On s’est toujours suicidé avec son temps. Jadis on buvait des coupes de poisons exotiques, on se transperçait avec un glaive, une dague, un couteau. Les plus bucoliques se pendaient à un arbre, les amoureux de la mer se jetaient du haut des falaises, et les moins imaginatifs au fond des puits. Et puis on se suicida beaucoup avec des armes à feu, tellement plus pratiques et expéditives. Enfin l’homme inventa le chemin de fer, qui lui permit de se suicider très efficacement en se jetant sur les voies, tout en bénéficiant de tout le confort moderne et de la mélancolie propre aux gares. Mais quels seront les modes de suicide de demain ?
Eric Fottorino livre avec Suite à un accident grave de voyageur tout à la fois une enquête clinique sur les suicidés des voies ferrées et une méditation morale sur notre rapport au suicide. Tout part de plusieurs expériences personnelles… « Au début de l’automne, près de chez moi (Vincennes on croit comprendre, ndlr), trois personnes se sont jetées sur les rails. Un vieillard. Une jeune femme, du moins l’ai-je cru. Une mère de famille. Je ne connais ni leur nom ni leur visage. Sans doute les ai-je croisés sans le savoir dans la foule des petits matins. Ils resteront anonymes. Leurs visages, je préfère n’y pas songer ». La jeune fille de l’écrivain sera le témoin de l’un de ces actes désespérés. Premier constat : les mots sont dangereux. La SNCF ne parle jamais de suicide, mais d’accident grave : « L’accident grave n’évoquait aucun geste, ne suggérait aucune image. Il relevait d’une langue vidée de sa substance, dénuée de compassion. Une suite de mots pour ne plus y penser, pour passer à autre chose ». Aux autres rames en attente… Les pompiers, découvre Fottorino, ne parlent pas non plus de suicide, mais d’une mission consacrée à une « personne sous un train ». Personne…
La première chose qui heurte Fottorino est l’indifférence qu’il perçoit de la part des autres voyageurs: l’usager des transports en commun semble perdre toute humanité une fois qu’il a fait poinçonner son titre de transport ou fait biper son Navigo, même si une âme perdue a cru bon de se faire couper en trois morceaux (certains détails donnés dans le livre sont âpres) par un train de plusieurs centaines de tonnes lancé à vive allure. Alors forcément, quand l’irréparable est commis, l’usager des transports en commun râle, car ça le retarde.
Fottorino étudie aussi le traitement de ces suicides par la presse ; dans Le Parisien et Le Courrier des Yvelines on titre factuellement « Le trafic des trains perturbé » ou encore « Le convoi radioactif détourné à cause d’un suicide »… la presse s’intéresse peu au parcours des désespérés ferroviaires, mais se focalise sur les conséquences de leurs actes. Les suicidaires restent des trouble-fête et des perturbateurs incorrigibles.
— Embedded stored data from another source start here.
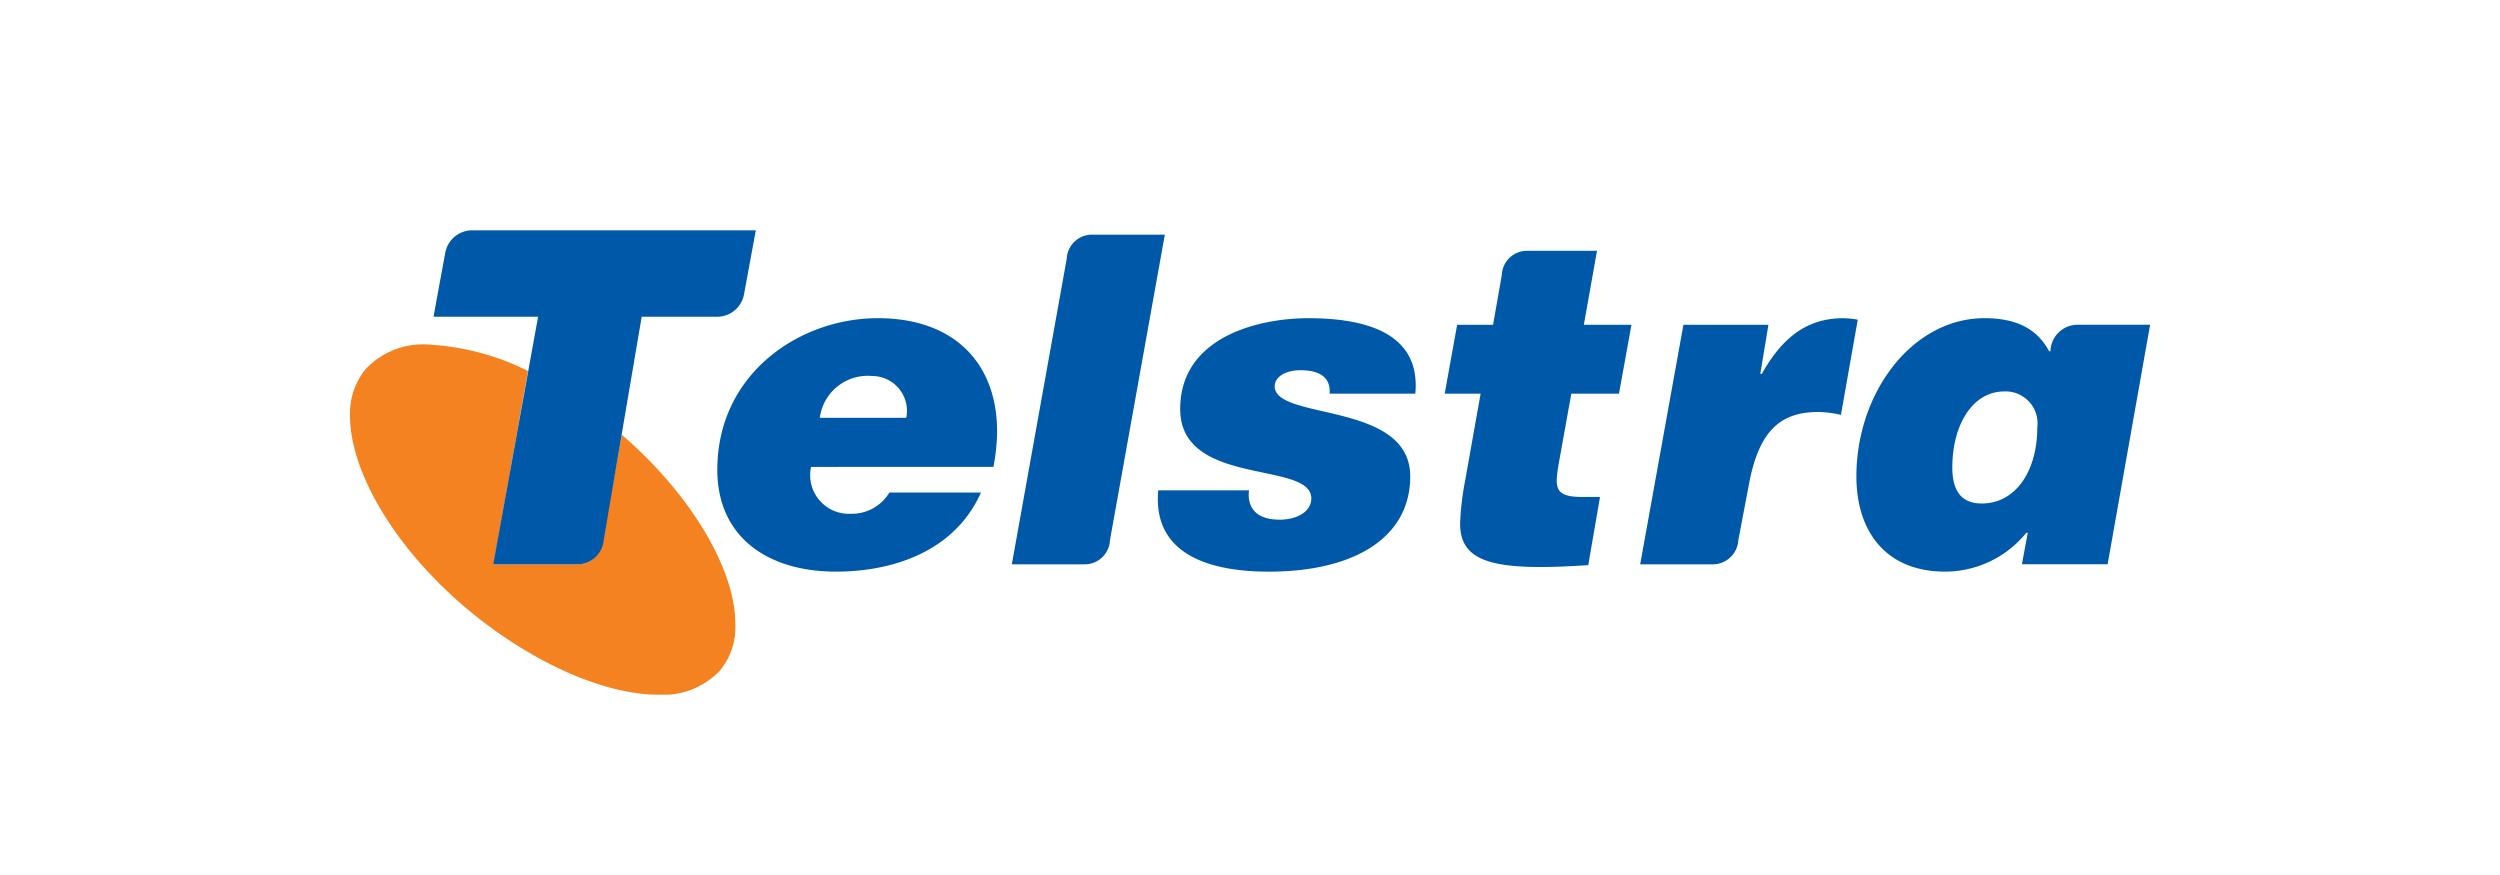 <?xml version="1.0" encoding="UTF-8"?>
<svg xmlns="http://www.w3.org/2000/svg" xmlns:xlink="http://www.w3.org/1999/xlink" width="200" height="70" viewBox="0 0 200 70">
  <defs>
    <clipPath id="clip-path">
      <rect id="Rectangle_217" data-name="Rectangle 217" width="144" height="37.152" fill="none"></rect>
    </clipPath>
  </defs>
  <g id="Telstra-word" transform="translate(-320 -2425)">
    <g id="Telstra" transform="translate(348 2443.424)">
      <g id="Group_195" data-name="Group 195" clip-path="url(#clip-path)">
        <path id="Path_831" data-name="Path 831" d="M21.74,36.693l-1.524,8.438a2.016,2.016,0,0,1-2.108,1.931H11.486l2.753-15.467a20.209,20.209,0,0,0-7.911-2.108,6.263,6.263,0,0,0-5.1,1.99A5.611,5.611,0,0,0,0,35.168c0,4.394,3.457,10.493,9.374,15.47,5.274,4.4,11.075,6.857,15.3,6.857a6.241,6.241,0,0,0,4.923-1.932,5.483,5.483,0,0,0,1.23-3.752c0-4.279-3.457-10.254-9.084-15.117" transform="translate(0 -20.342)" fill="#f58220"></path>
        <path id="Path_832" data-name="Path 832" d="M91.769,21.449c0-3.048-10.489-.881-10.489-7.151,0-5.743,6.212-7.266,10.255-7.266,4.1,0,9.028.936,8.555,6.035H93.236c.055-.76-.177-1.873-2.344-1.873-1.173,0-2.051.524-2.051,1.287,0,2.757,10.842,1.173,10.842,7.206,0,4.924-4.514,7.622-11.314,7.622-4.687,0-9.315-1.347-8.845-6.508h7.264c-.116.823.061,2.349,2.462,2.349,1.288,0,2.518-.59,2.518-1.7m35.921-9.965.649-3.925h-6.8l-3.46,19.162h5.742a2.049,2.049,0,0,0,2.11-1.931l.879-4.633c.821-4.216,2.581-5.622,5.51-5.622a7.9,7.9,0,0,1,1.818.233l1.347-7.619a6.716,6.716,0,0,0-1.171-.116c-2.756,0-4.807,1.407-6.5,4.452Zm-16.174,7.445,1.055-5.862h3.812l1-5.508h-3.811l1.055-5.92h-5.51a2.02,2.02,0,0,0-2.107,1.935l-.7,3.985h-2.874l-.995,5.508h2.873l-1.23,6.917a22.581,22.581,0,0,0-.411,3.455c0,3.107,2.576,3.87,10.252,3.344l.941-5.452h-1.409c-2.107,0-2.227-.646-1.935-2.4M80.05.35H74.306A2.022,2.022,0,0,0,72.2,2.285l-4.39,24.436h5.74a2.021,2.021,0,0,0,2.111-1.932ZM24.65,0a2.2,2.2,0,0,0-2.17,1.817l-.935,5.1h8.366l-3.59,19.806h6.653a2.114,2.114,0,0,0,2.185-1.932L38.2,6.915H44.22A2.185,2.185,0,0,0,46.389,5.1l.94-5.1Zm27.8,15h6.916a2.791,2.791,0,0,0-2.754-3.344A3.862,3.862,0,0,0,52.449,15m-.7,3.928a3.092,3.092,0,0,0,3.166,3.749,3.5,3.5,0,0,0,3.1-1.7h7.327c-2.11,4.744-7.093,6.33-11.6,6.33-5.449,0-9.492-2.755-9.492-8.149,0-7.676,6.563-12.127,12.834-12.127,6.152,0,9.549,3.63,9.549,9.082a16.344,16.344,0,0,1-.294,2.814Zm98.1-3.167a2.554,2.554,0,0,0-2.64-2.87c-2.517,0-4.159,2.637-4.159,6.092,0,1.584.527,2.873,2.344,2.873,2.755,0,4.455-2.635,4.455-6.1m9.024-8.2-3.4,19.162h-6.854l.466-2.52h-.115a8.394,8.394,0,0,1-6.505,3.108c-4.687,0-7.089-3.167-7.089-7.622,0-6.674,4.452-12.654,10.255-12.654,2.4,0,4.161.762,5.158,2.64h.113a2.17,2.17,0,0,1,2.228-2.114Z" transform="translate(-14.864)" fill="#0058a9"></path>
      </g>
    </g>
    <rect id="Rectangle_184" data-name="Rectangle 184" width="200" height="70" transform="translate(320 2425)" fill="none"></rect>
  </g>
</svg>
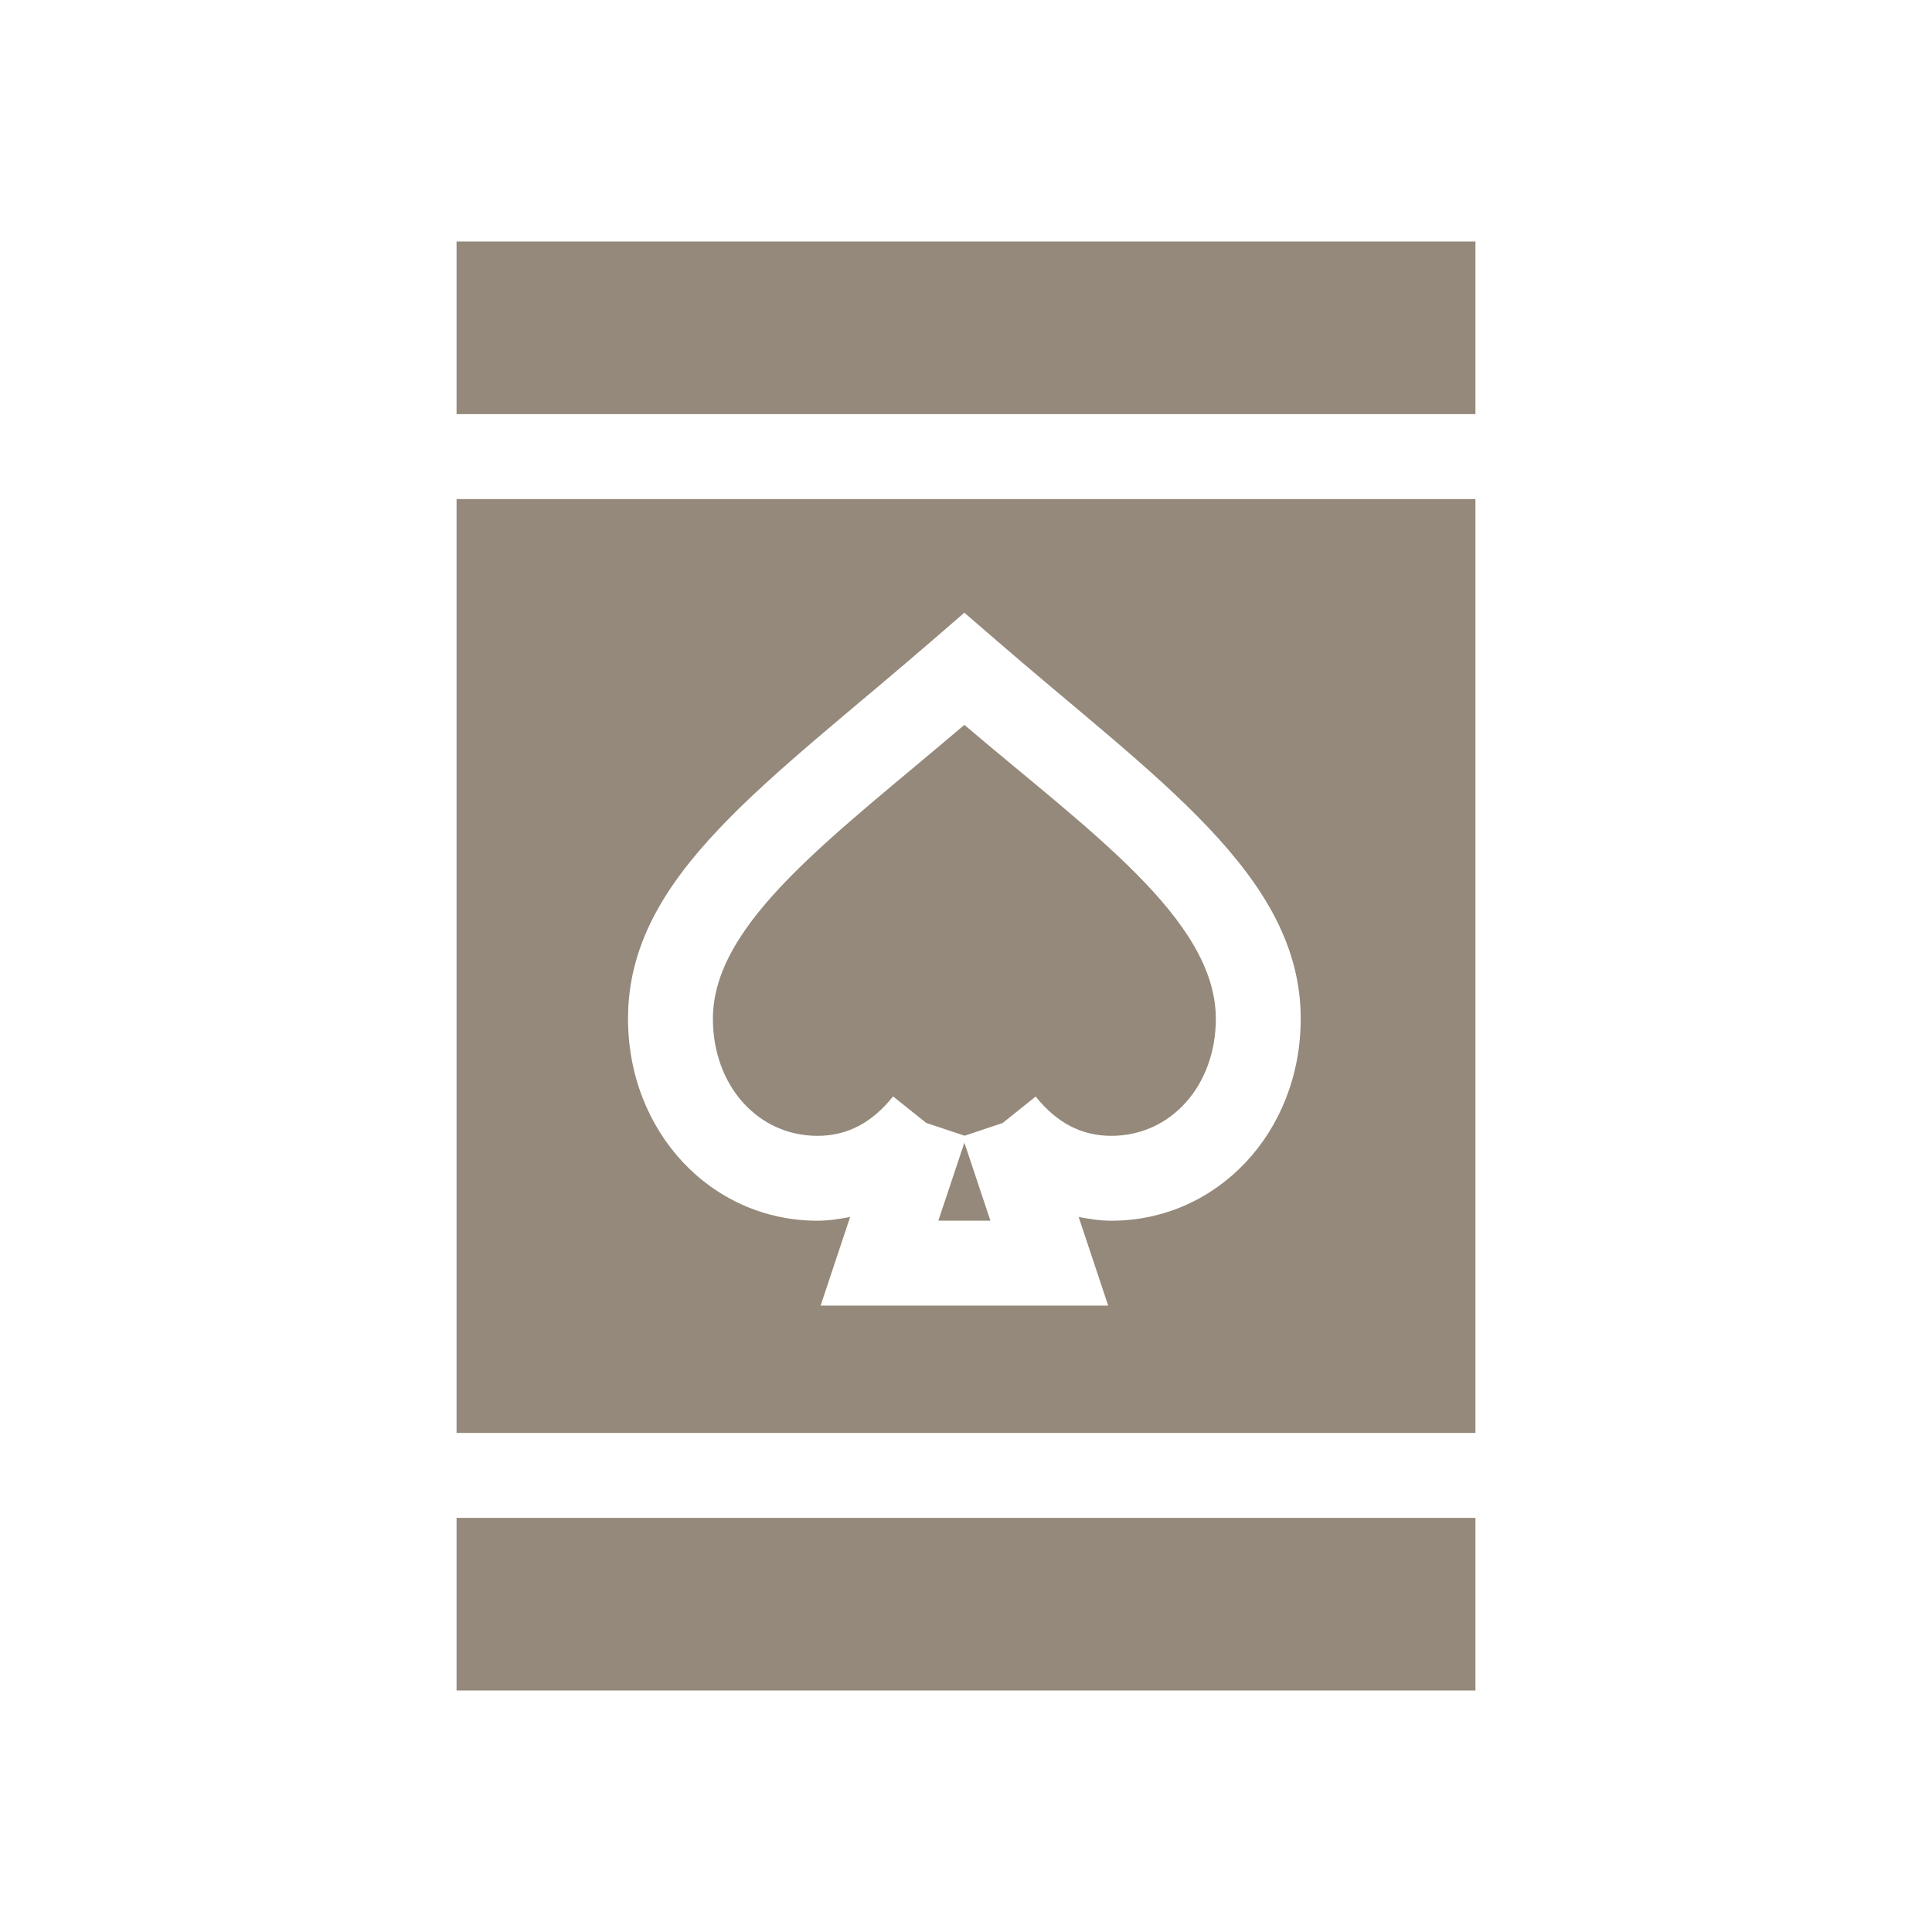 <svg width="32" height="32" viewBox="0 0 32 32" fill="none" xmlns="http://www.w3.org/2000/svg">
<path d="M7.562 4H24.438V6.859H7.562V4Z" fill="#94897A"/>
<path d="M15.542 20.218H16.404L15.973 18.926L15.542 20.218Z" fill="#94897A"/>
<path d="M15.973 12.006C13.81 13.851 11.808 15.275 11.808 16.874C11.808 17.98 12.552 18.813 13.539 18.813C14.031 18.813 14.441 18.6 14.792 18.16L15.341 18.599L15.977 18.811L16.606 18.601L17.154 18.162C17.505 18.6 17.915 18.813 18.407 18.813C19.394 18.813 20.138 17.98 20.138 16.874C20.138 15.223 18.019 13.751 15.973 12.006Z" fill="#94897A"/>
<path d="M24.438 8.266H7.562V23.734H24.438V8.266ZM18.407 20.219C18.221 20.219 18.042 20.19 17.866 20.157L18.355 21.625H13.592L14.081 20.157C13.904 20.19 13.725 20.219 13.539 20.219C11.78 20.219 10.402 18.749 10.402 16.873C10.402 14.498 12.698 12.989 15.512 10.547L15.973 10.148L16.434 10.547C19.15 12.904 21.544 14.491 21.544 16.873C21.544 18.749 20.166 20.219 18.407 20.219Z" fill="#94897A"/>
<path d="M7.562 25.141H24.438V28H7.562V25.141Z" fill="#94897A"/>
</svg>

Sur le web, la parole se libère davantage, et Fottorino nous met littéralement « sous le nez » des prises de parole de voyageurs de banlieue, de ces aventuriers du petit matin à la patience limitée… « Les victimes du RER en prennent pour leur grade. La plupart des voyageurs n’ont qu’une obsession : les retards causés par ces désespérés qui feraient mieux d’aller se supprimer ailleurs, de se noyer, d’avaler des médicaments. (…) Le défouloir tourne à plein. Les seuls mots posés sur ces drames sont virtuels. Il s’agit de posts jetés par des internautes sans nom ni visage. Comme les suicidés. Une fois de plus personne parle à personne ». Fottorino souligne notamment l’exaspération éprouvante de l’internaute « Fleur des champs » : « Je ne suis jamais désolée pour les gens qui se jettent sous les roues des trains, bien au contraire, je crois que je les méprise. Les suicidés des transports en commun je n’en peux plus. Ils nous pourrissent la vie. Alors maintenant on devrait encenser les suicider… » L’auteur ne porte aucun de jugement de valeur, et n’accable pas ces médiocres petits consommateurs du rail d’anathèmes moraux (il pourrait…), mais préfère essayer d’approcher le souvenir des fantômes des suicidés. Ici un vieillard qui se savait condamné et n’avait plus le cœur de poursuivre la lutte ; là une très jeune étudiante kinésithérapeute qui s’était découvert une soudaine aversion pour le contact du corps d’autrui et, ne voyant plus d’avenir professionnel, avait préféré sortir de l’impasse par la voie des cieux.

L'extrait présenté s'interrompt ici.